– Давай, пошли уже, – ответил тот ему с улыбкой. «Удивительно, – подумал Веня, – адекватного вполне себе, ещё живого человека, не шизоида». – Ты извини уж, я надеюсь, не побрезгуешь, мои без фильтра. Тут и это состояние, почти за счастье. С табачком у нас непросто тут…
А Веньке было всё равно, уже без разницы, без фильтра, с фильтром, затянуться бы как следует…
– Да ладно, брат, – повеселел он как-то сразу же, – а то не пробовал… Без фильтра… Помню, в армии… за семь копеек, самосад… Давай, пошли уже, хоть пацанов своих представлю на минуточку…
Едва не сразу, на глубокой и хорошенькой, второй затяжке, его резко закачало вдруг и повело, как будто пьяного на палубе; протяжным стоном в голове вдруг что-то ухнуло, он покачнулся, как-то судорожно выдохнул и машинально ухватился за Костяныча…
– Ну ты чего? – услышал он как будто издали знакомый голос, – ты чего так побледнел-то вдруг? – и, придержав его за плечи, с осторожностью, тот усадил его на маленькую лавочку: – давай-ка лучше ты присядь, хоть на минуточку, – и заглянул ему в глаза. – Чего-то, дяденька, ты тут с лица у нас сошёл, – и усмехнулся чуть: – курить-то, видно, рановато тебе, дяденька… Ты подыши пока, глядишь и оклемаешься, – он распахнул пошире узенькую форточку, – и полегчает… Не спеши, ещё накуришься… Снаружи хлынул морозо́чек сизым облачком, он чуть сглотнул, набрал совсем немного воздуха, потом ещё, уже поглубже, позабористей, и посмотрел на озадаченного Костика:
– А крепковата твоя Прима, с непривычки-то. Отвык, похоже…
– Ничего… Давай, пошли уже, – тот затянулся глубоко, окурок выкинул и ухмыльнулся широко: – прилёг бы лучше ты… Ещё успеешь накуриться, соберись пока. Тебя Геннадьевич, вон, ждёт на экзекуцию…
Глава шестая
За занавесками темнело, в ожидании вечерней трапезы больные потихонечку кидали карты у Костяныча на тумбочке, обитель скорби пошевеливалась нехотя своим унылым и размеренным дыханием. Он застелил свою каталку на колёсиках, прилёг опять на одеяло и задумался. Чего он мог бы ожидать от приглашения предположить было несложно, тут, естественно, совсем не требовались навыки оракула. «Сейчас начнется, – думал Веня: – поучения… мораль и нравственность, ответственность придумаем, как будто сам не понимаю, что я, маленький?» И тем не менее, беседа с этим радостным, надутым умником, давала хоть какую-то, пускай и слабую возможность как-то выяснить, чего тут ждать ему и как отсюда выбраться. Однако время его вышло, Веня по́днялся, напялил тапки и побрёл на экзекуцию.

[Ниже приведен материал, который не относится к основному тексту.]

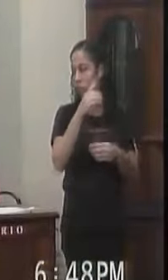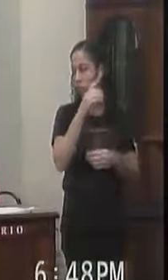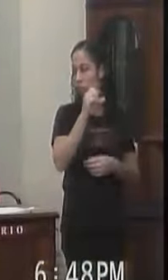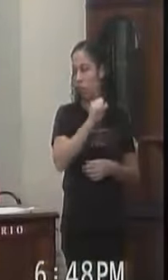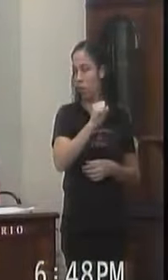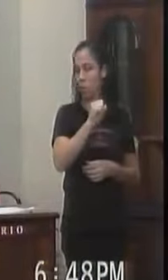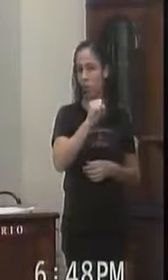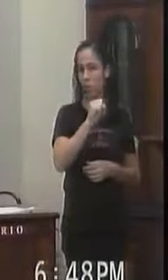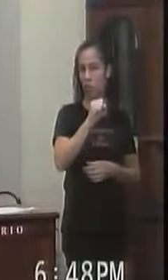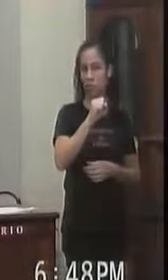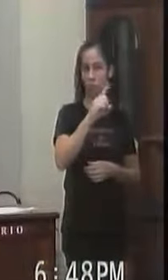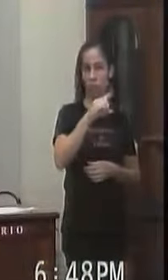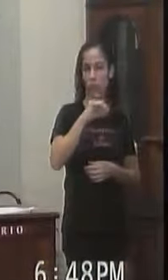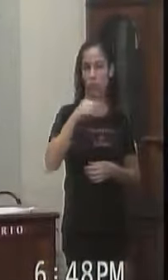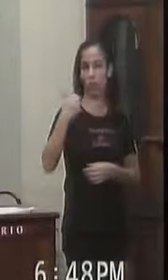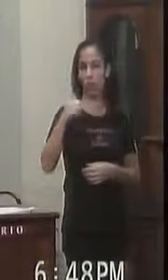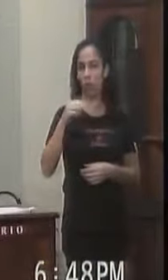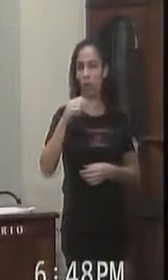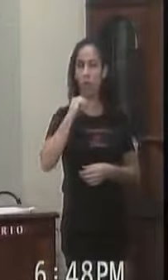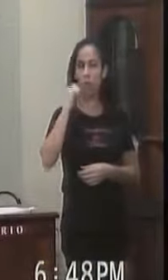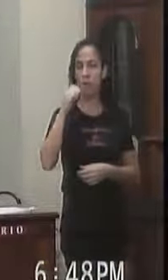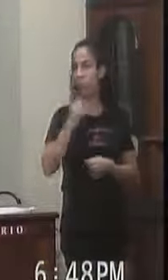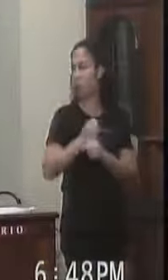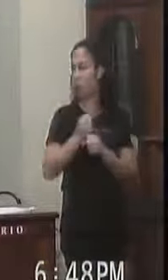11 de abril Vereador Silvio Graça
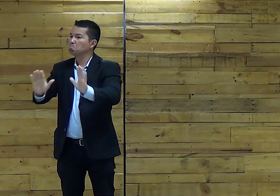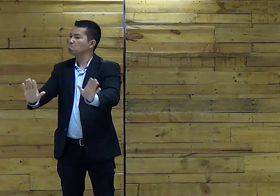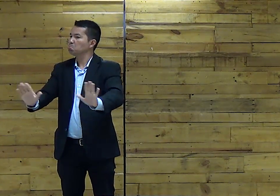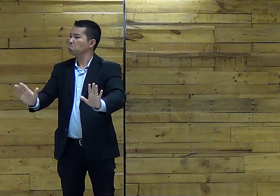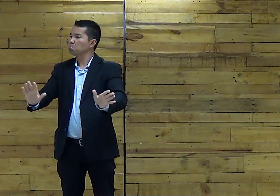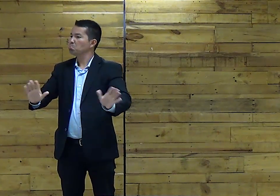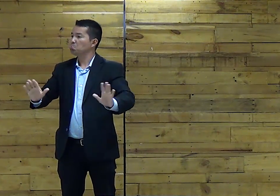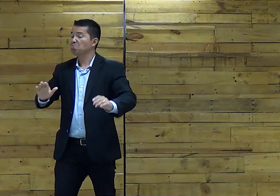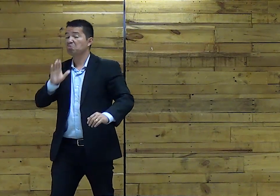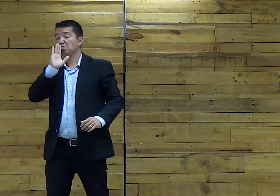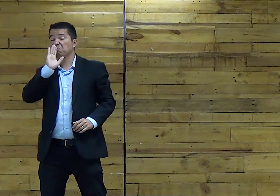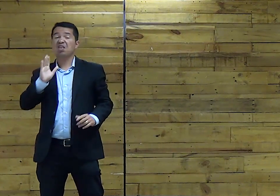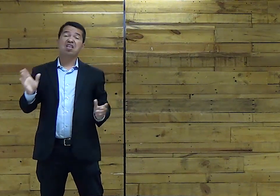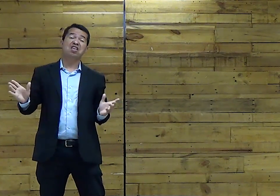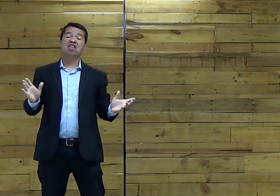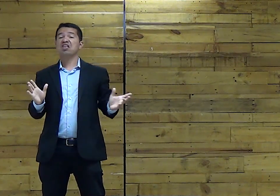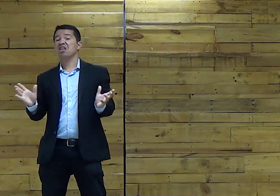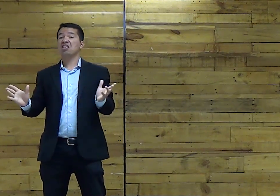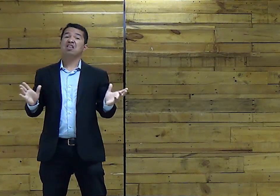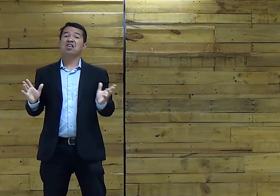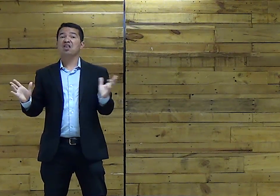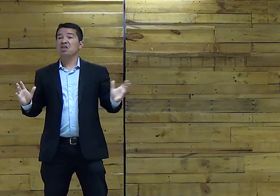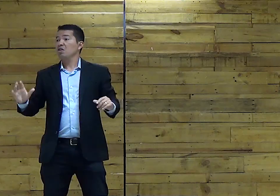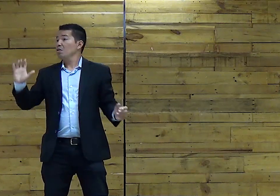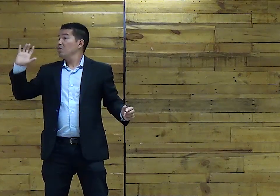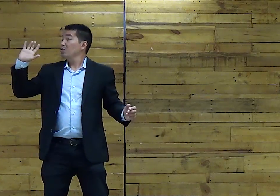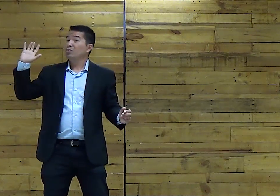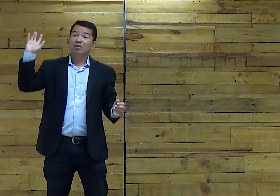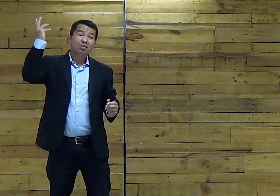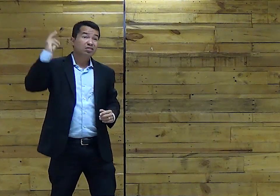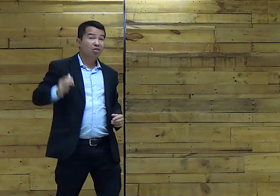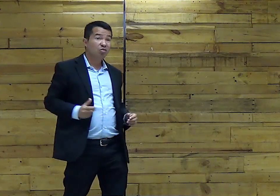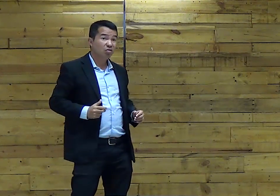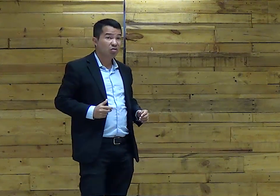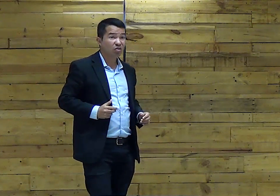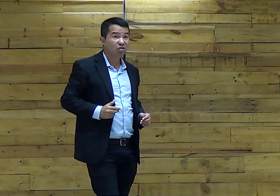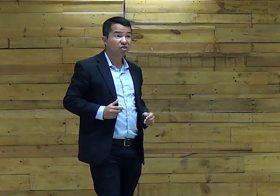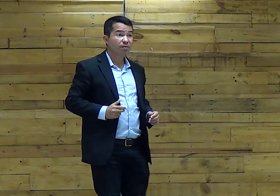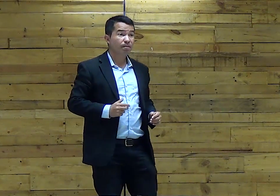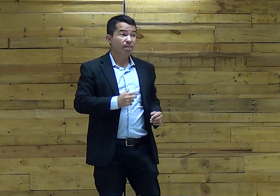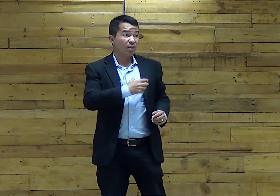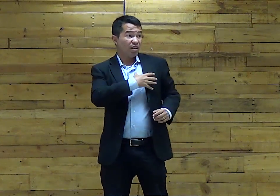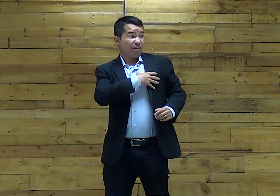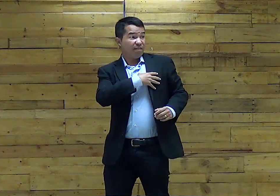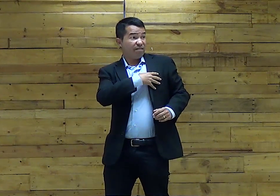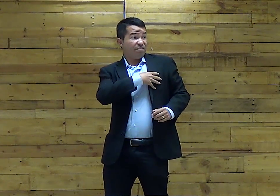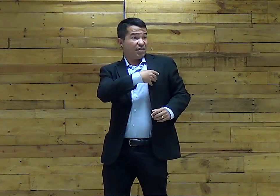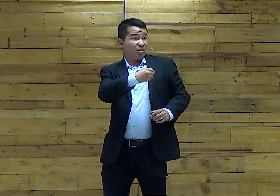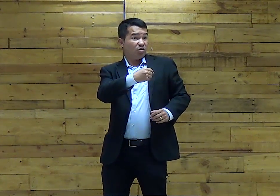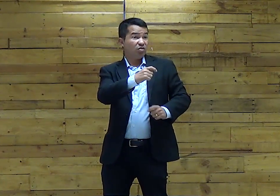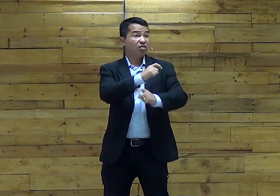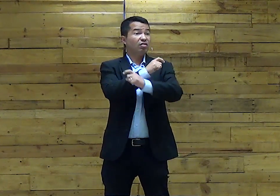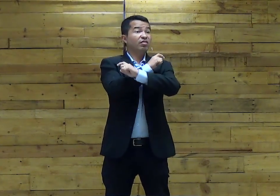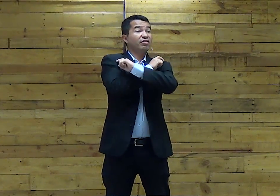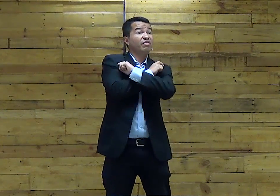fez Não O povo egípcio Não tinha nada A ver com isso Não tem nem Noção do que Está acontecendo

– Ну заходите, не стесняйтесь, – тот, пожалуй что (отметил Веня про себя), уже не умничал, не потешался, словно шут на представлении, кивнул на стул ему: – всего одну минуточку, пока присядьте и приступим…
Веня выдохнул, присел на стул и огляделся с осторожностью. Хозяин, занятый какими-то бумагами, приподнял взгляд и повторил:
– Ещё минуточку…
Неуловимо может быть, однако чем-то он напоминал ему продвинутого опера, в прокуратуре на допросе, или, может быть, в каком-то следственном отделе; очень ясное, шестое чувство, обострённое кошмарными, его последними событиями в бизнесе, об этом сходстве говорило ему сразу же. «Сейчас начнётся, – усмехнулся он невесело, – допрос с пристрастием и пытка электричеством…» Меж тем за скромный кабинет простого опера сия рабочая обитель психиатра (пускай и главного врача, завотделением) могла сойти лишь отдалённо. Театральные, густо-малиновые шторы; тёмным золотом – дубовый стол и секретер; блестящий холодно – паркет под бронзу и телячья кожа мебели… «Совсем неплохо для врача, – отметил Веничка, – как будто скромно, но вполне себе на уровне…» Смотрелось круто и богато, тем не менее, довольно пошло и банально, без фантазии. Однако более всего из этой скромности сразила Веничку картина, очень странная, изображающая лошадь или мерина, с осатанелыми глазами дико мчавшего, по напрочь выжженной степи, навстречу красному, багровым облаком закату. «Это надо же, – подумал Веничка, – и что они тут пыхают? Ведь не Костянов табачок?»